Your goal =
Apart from any images, the entries are to be output exactly.

Source records =
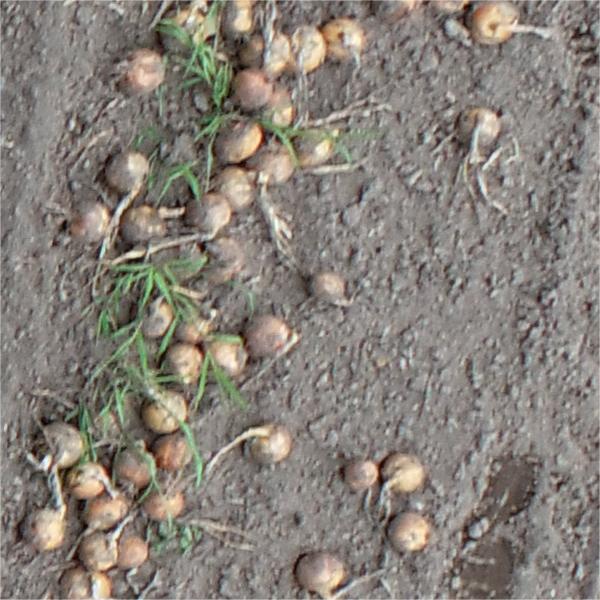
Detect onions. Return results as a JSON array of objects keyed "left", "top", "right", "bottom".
[
  {"left": 429, "top": 0, "right": 471, "bottom": 10},
  {"left": 218, "top": 121, "right": 262, "bottom": 163},
  {"left": 252, "top": 147, "right": 294, "bottom": 186},
  {"left": 290, "top": 28, "right": 326, "bottom": 71},
  {"left": 202, "top": 235, "right": 246, "bottom": 282},
  {"left": 163, "top": 342, "right": 202, "bottom": 382},
  {"left": 460, "top": 108, "right": 499, "bottom": 151},
  {"left": 245, "top": 35, "right": 288, "bottom": 75},
  {"left": 341, "top": 457, "right": 376, "bottom": 491},
  {"left": 76, "top": 530, "right": 115, "bottom": 569},
  {"left": 295, "top": 549, "right": 345, "bottom": 590},
  {"left": 468, "top": 3, "right": 517, "bottom": 44},
  {"left": 379, "top": 452, "right": 422, "bottom": 493},
  {"left": 207, "top": 335, "right": 245, "bottom": 375},
  {"left": 42, "top": 421, "right": 83, "bottom": 466},
  {"left": 162, "top": 10, "right": 206, "bottom": 48},
  {"left": 259, "top": 92, "right": 296, "bottom": 130},
  {"left": 319, "top": 18, "right": 366, "bottom": 59},
  {"left": 150, "top": 434, "right": 188, "bottom": 472},
  {"left": 248, "top": 312, "right": 295, "bottom": 360},
  {"left": 112, "top": 533, "right": 148, "bottom": 568},
  {"left": 86, "top": 491, "right": 126, "bottom": 529},
  {"left": 117, "top": 49, "right": 161, "bottom": 96},
  {"left": 69, "top": 463, "right": 108, "bottom": 501},
  {"left": 141, "top": 393, "right": 185, "bottom": 433},
  {"left": 63, "top": 571, "right": 109, "bottom": 599},
  {"left": 226, "top": 0, "right": 256, "bottom": 35},
  {"left": 23, "top": 506, "right": 68, "bottom": 553},
  {"left": 113, "top": 447, "right": 153, "bottom": 492},
  {"left": 189, "top": 193, "right": 232, "bottom": 236},
  {"left": 144, "top": 488, "right": 183, "bottom": 520},
  {"left": 215, "top": 166, "right": 252, "bottom": 206},
  {"left": 139, "top": 302, "right": 172, "bottom": 338},
  {"left": 375, "top": 0, "right": 419, "bottom": 24},
  {"left": 305, "top": 131, "right": 334, "bottom": 162},
  {"left": 158, "top": 234, "right": 202, "bottom": 275},
  {"left": 245, "top": 422, "right": 289, "bottom": 464},
  {"left": 70, "top": 203, "right": 106, "bottom": 240},
  {"left": 310, "top": 267, "right": 345, "bottom": 304},
  {"left": 386, "top": 510, "right": 428, "bottom": 552},
  {"left": 120, "top": 204, "right": 163, "bottom": 245},
  {"left": 231, "top": 69, "right": 271, "bottom": 111},
  {"left": 104, "top": 149, "right": 148, "bottom": 192},
  {"left": 176, "top": 312, "right": 212, "bottom": 344}
]

Answer area =
Detect onions. Return results as a JSON array of objects keyed "left", "top", "right", "bottom".
[
  {"left": 429, "top": 0, "right": 471, "bottom": 10},
  {"left": 218, "top": 121, "right": 262, "bottom": 163},
  {"left": 252, "top": 147, "right": 294, "bottom": 186},
  {"left": 290, "top": 28, "right": 326, "bottom": 71},
  {"left": 202, "top": 235, "right": 246, "bottom": 282},
  {"left": 163, "top": 342, "right": 202, "bottom": 382},
  {"left": 460, "top": 108, "right": 499, "bottom": 151},
  {"left": 245, "top": 35, "right": 288, "bottom": 75},
  {"left": 341, "top": 457, "right": 376, "bottom": 491},
  {"left": 76, "top": 530, "right": 115, "bottom": 569},
  {"left": 295, "top": 549, "right": 345, "bottom": 590},
  {"left": 468, "top": 3, "right": 517, "bottom": 44},
  {"left": 379, "top": 452, "right": 422, "bottom": 493},
  {"left": 207, "top": 335, "right": 245, "bottom": 375},
  {"left": 42, "top": 421, "right": 83, "bottom": 466},
  {"left": 162, "top": 10, "right": 206, "bottom": 48},
  {"left": 259, "top": 92, "right": 296, "bottom": 130},
  {"left": 319, "top": 18, "right": 366, "bottom": 59},
  {"left": 150, "top": 434, "right": 188, "bottom": 472},
  {"left": 248, "top": 312, "right": 295, "bottom": 360},
  {"left": 112, "top": 533, "right": 148, "bottom": 568},
  {"left": 86, "top": 491, "right": 126, "bottom": 529},
  {"left": 117, "top": 49, "right": 161, "bottom": 96},
  {"left": 69, "top": 463, "right": 108, "bottom": 501},
  {"left": 141, "top": 393, "right": 185, "bottom": 433},
  {"left": 63, "top": 571, "right": 109, "bottom": 599},
  {"left": 226, "top": 0, "right": 256, "bottom": 35},
  {"left": 23, "top": 506, "right": 68, "bottom": 553},
  {"left": 113, "top": 447, "right": 153, "bottom": 492},
  {"left": 189, "top": 193, "right": 232, "bottom": 236},
  {"left": 144, "top": 488, "right": 183, "bottom": 520},
  {"left": 215, "top": 166, "right": 252, "bottom": 206},
  {"left": 139, "top": 302, "right": 172, "bottom": 338},
  {"left": 375, "top": 0, "right": 419, "bottom": 24},
  {"left": 305, "top": 131, "right": 334, "bottom": 162},
  {"left": 158, "top": 234, "right": 202, "bottom": 275},
  {"left": 245, "top": 422, "right": 289, "bottom": 464},
  {"left": 70, "top": 203, "right": 106, "bottom": 240},
  {"left": 310, "top": 267, "right": 345, "bottom": 304},
  {"left": 386, "top": 510, "right": 428, "bottom": 552},
  {"left": 120, "top": 204, "right": 163, "bottom": 245},
  {"left": 231, "top": 69, "right": 271, "bottom": 111},
  {"left": 104, "top": 149, "right": 148, "bottom": 192},
  {"left": 176, "top": 312, "right": 212, "bottom": 344}
]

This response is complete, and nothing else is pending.